■ **ENTRIES PROVIDED**

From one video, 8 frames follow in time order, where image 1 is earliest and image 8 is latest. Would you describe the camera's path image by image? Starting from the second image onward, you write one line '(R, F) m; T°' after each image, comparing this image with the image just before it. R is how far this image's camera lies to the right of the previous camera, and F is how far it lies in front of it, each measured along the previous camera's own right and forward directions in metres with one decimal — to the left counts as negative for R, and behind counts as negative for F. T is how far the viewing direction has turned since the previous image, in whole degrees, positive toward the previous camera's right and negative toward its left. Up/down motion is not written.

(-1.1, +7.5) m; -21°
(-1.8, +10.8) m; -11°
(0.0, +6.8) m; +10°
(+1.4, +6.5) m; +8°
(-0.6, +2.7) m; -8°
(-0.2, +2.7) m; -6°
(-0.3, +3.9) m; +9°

---

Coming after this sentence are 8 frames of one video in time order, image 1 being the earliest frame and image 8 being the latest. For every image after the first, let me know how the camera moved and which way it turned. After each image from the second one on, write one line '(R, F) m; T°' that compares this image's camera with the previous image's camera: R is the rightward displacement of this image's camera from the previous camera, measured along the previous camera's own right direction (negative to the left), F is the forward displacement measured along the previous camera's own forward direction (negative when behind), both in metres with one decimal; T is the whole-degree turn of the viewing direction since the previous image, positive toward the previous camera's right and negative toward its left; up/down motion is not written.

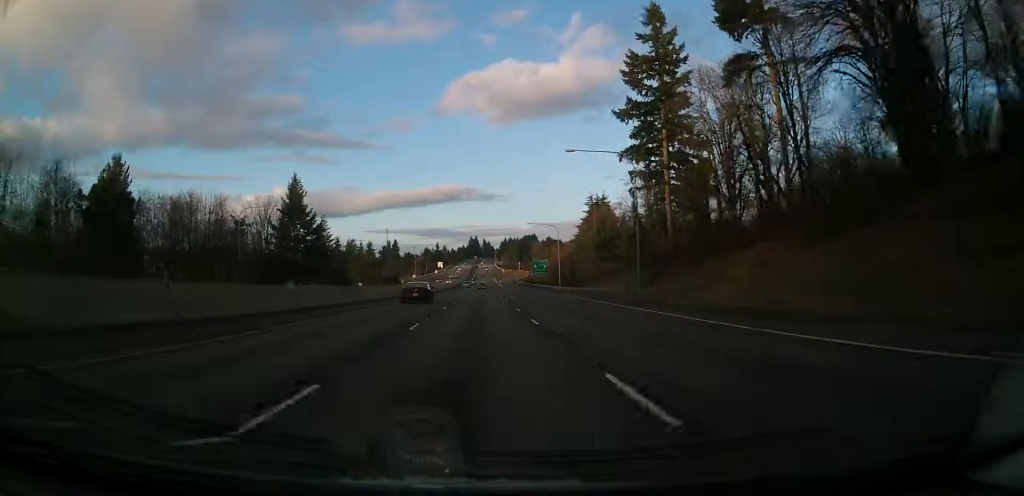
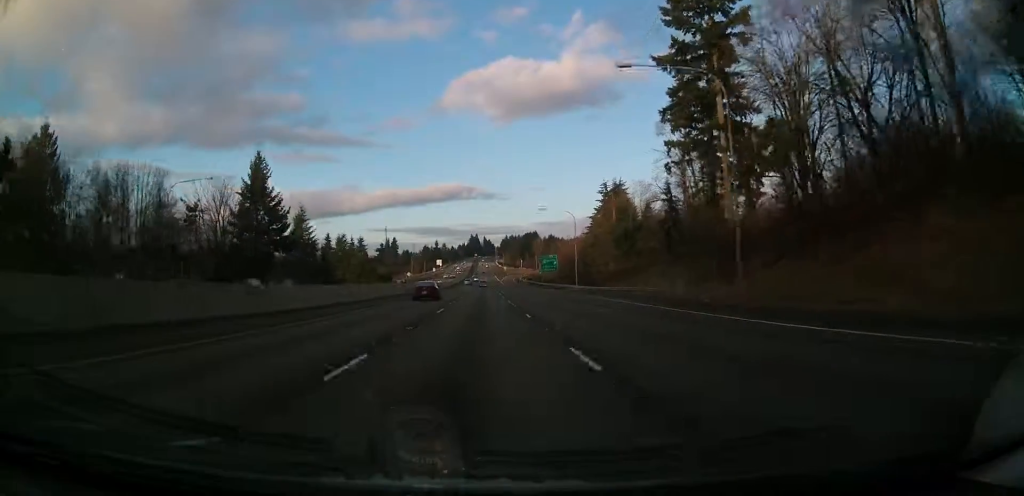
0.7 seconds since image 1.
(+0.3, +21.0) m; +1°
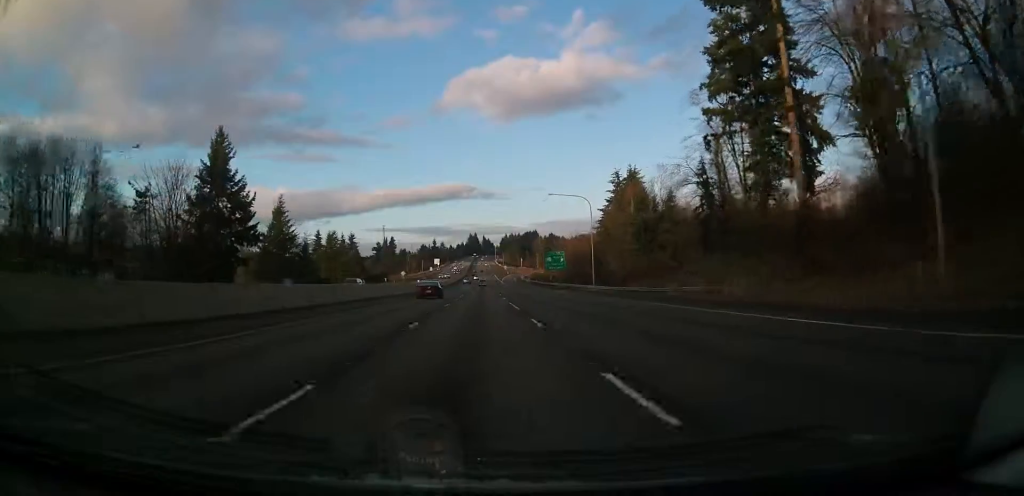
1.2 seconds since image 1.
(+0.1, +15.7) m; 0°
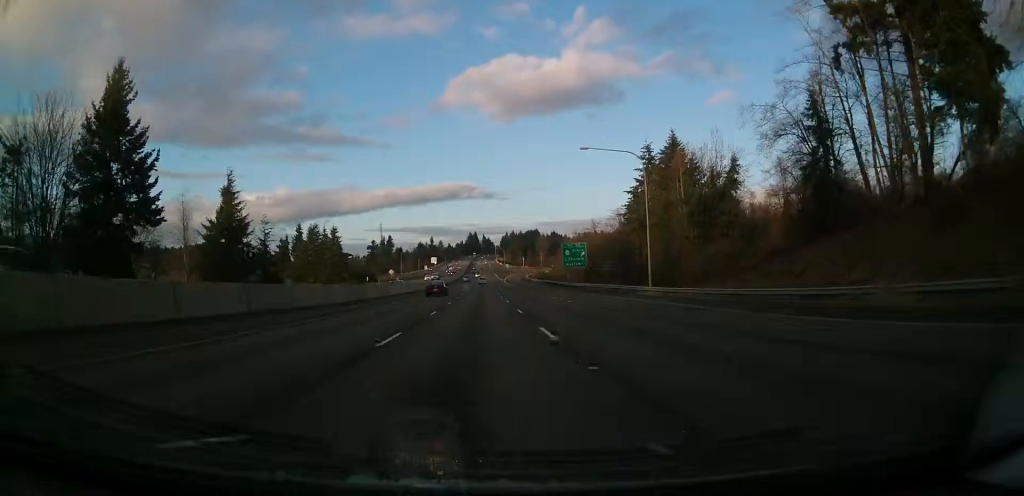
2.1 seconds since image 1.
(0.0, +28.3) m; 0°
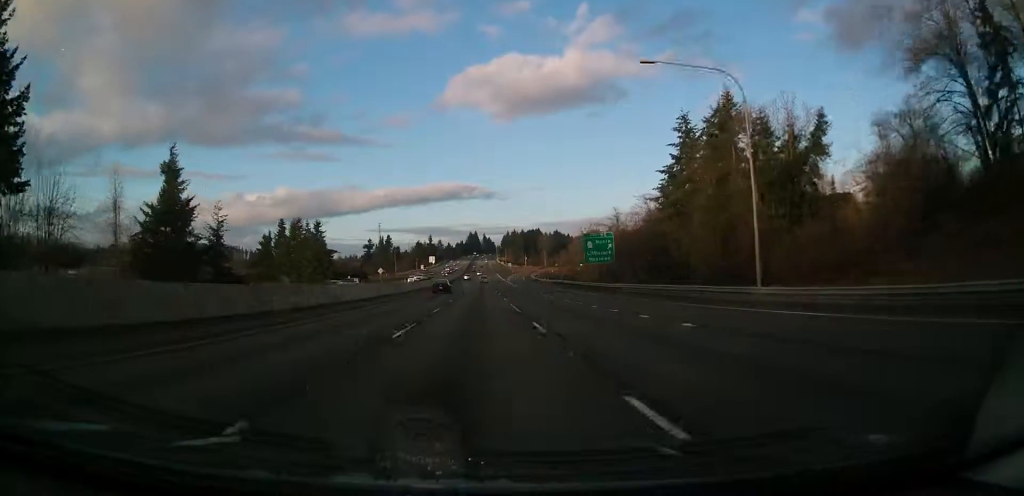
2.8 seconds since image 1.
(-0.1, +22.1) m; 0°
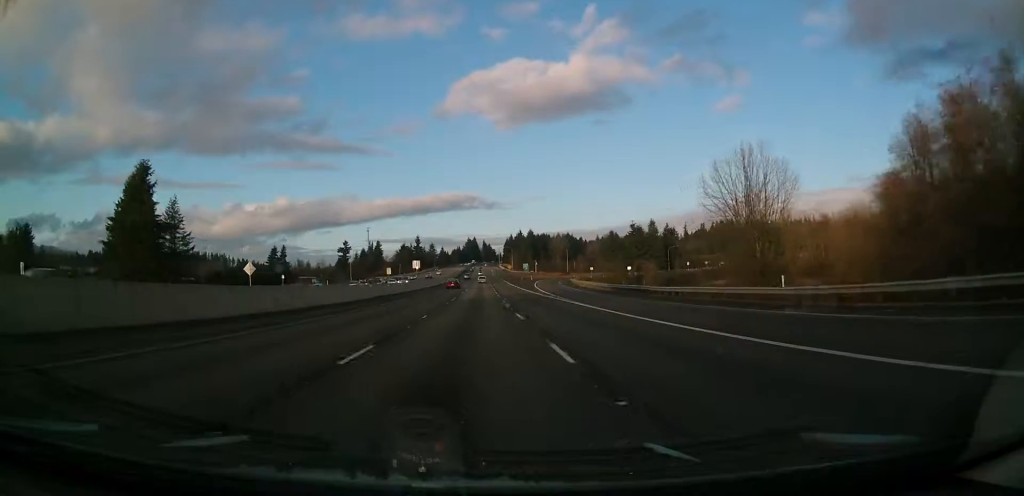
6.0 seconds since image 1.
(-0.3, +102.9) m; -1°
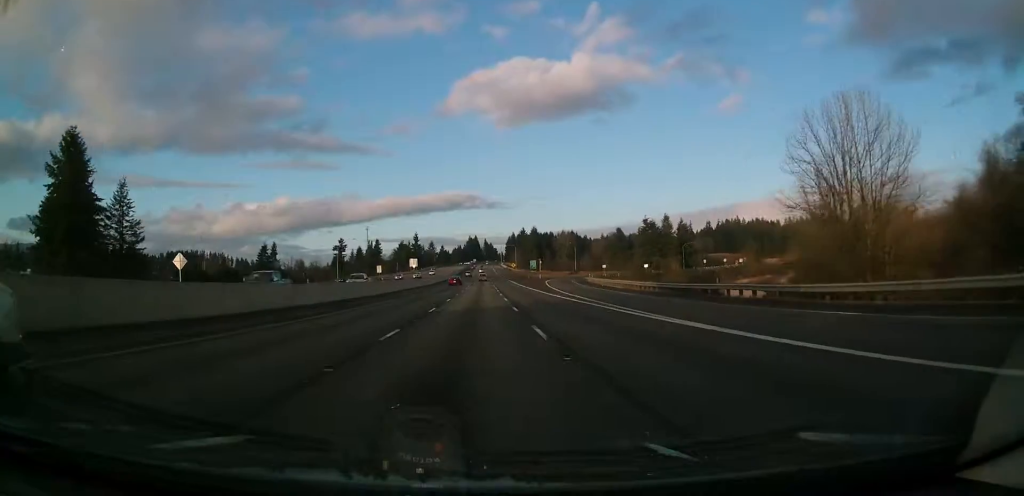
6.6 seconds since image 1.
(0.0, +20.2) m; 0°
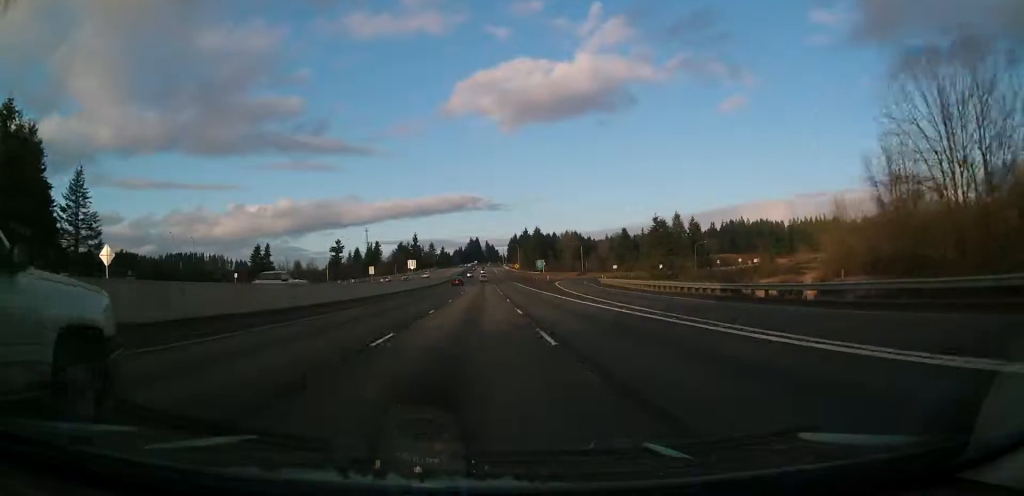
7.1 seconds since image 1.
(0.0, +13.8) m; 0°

---

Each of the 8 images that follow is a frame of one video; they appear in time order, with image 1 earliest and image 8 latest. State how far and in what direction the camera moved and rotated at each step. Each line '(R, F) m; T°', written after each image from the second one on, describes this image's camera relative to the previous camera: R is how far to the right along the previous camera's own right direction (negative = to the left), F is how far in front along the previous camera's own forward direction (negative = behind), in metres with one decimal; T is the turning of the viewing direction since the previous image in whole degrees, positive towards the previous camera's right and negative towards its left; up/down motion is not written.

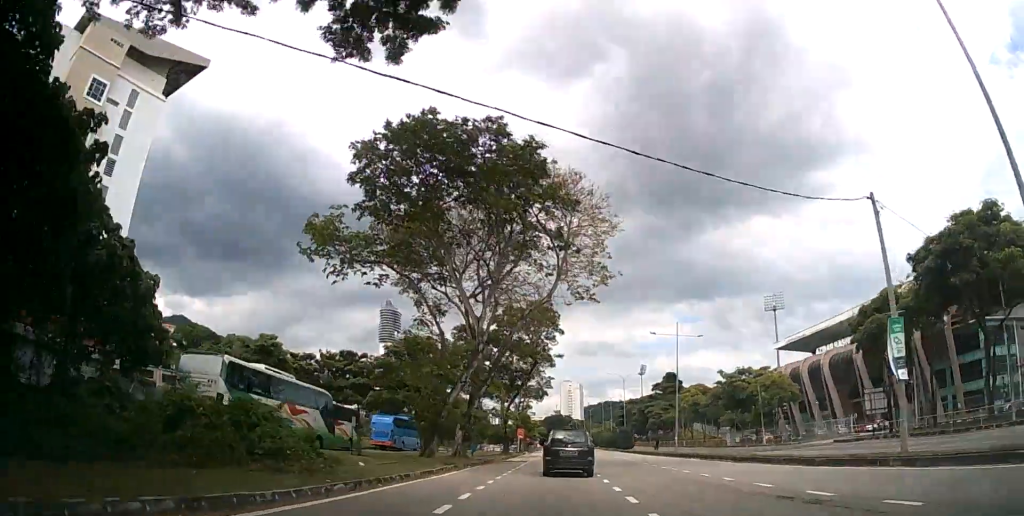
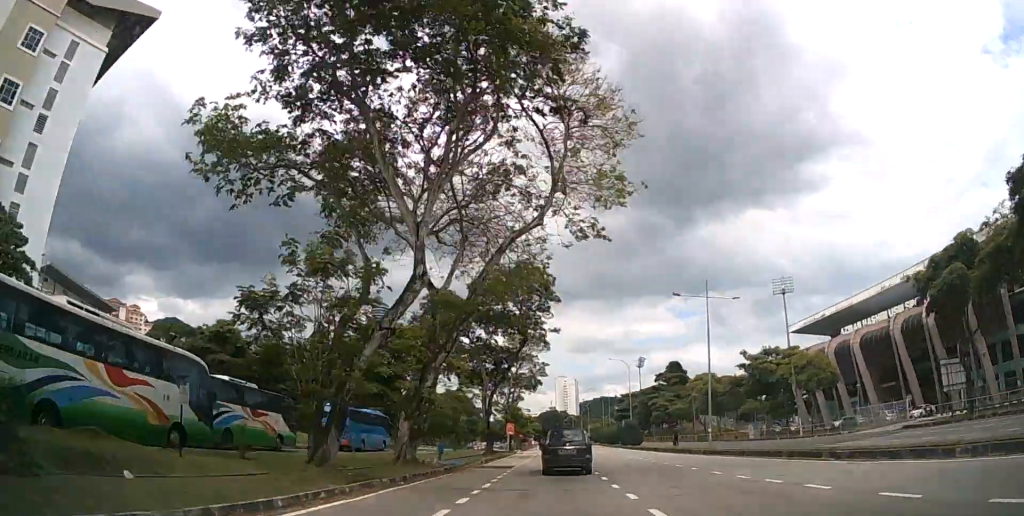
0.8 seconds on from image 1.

■ **WORK INSTRUCTION**
Look above for the line with "Each of the"; quote it and every line after it, stopping after the line with "0.8 seconds on from image 1.", exactly, with nothing added and without pictures.

■ **TASK RESULT**
Each of the 8 images that follow is a frame of one video; they appear in time order, with image 1 earliest and image 8 latest. State how far and in what direction the camera moved and rotated at each step. Each line '(R, F) m; T°', written after each image from the second one on, describes this image's camera relative to the previous camera: R is how far to the right along the previous camera's own right direction (negative = to the left), F is how far in front along the previous camera's own forward direction (negative = behind), in metres with one decimal; T is the turning of the viewing direction since the previous image in whole degrees, positive towards the previous camera's right and negative towards its left; up/down motion is not written.

0.8 seconds on from image 1.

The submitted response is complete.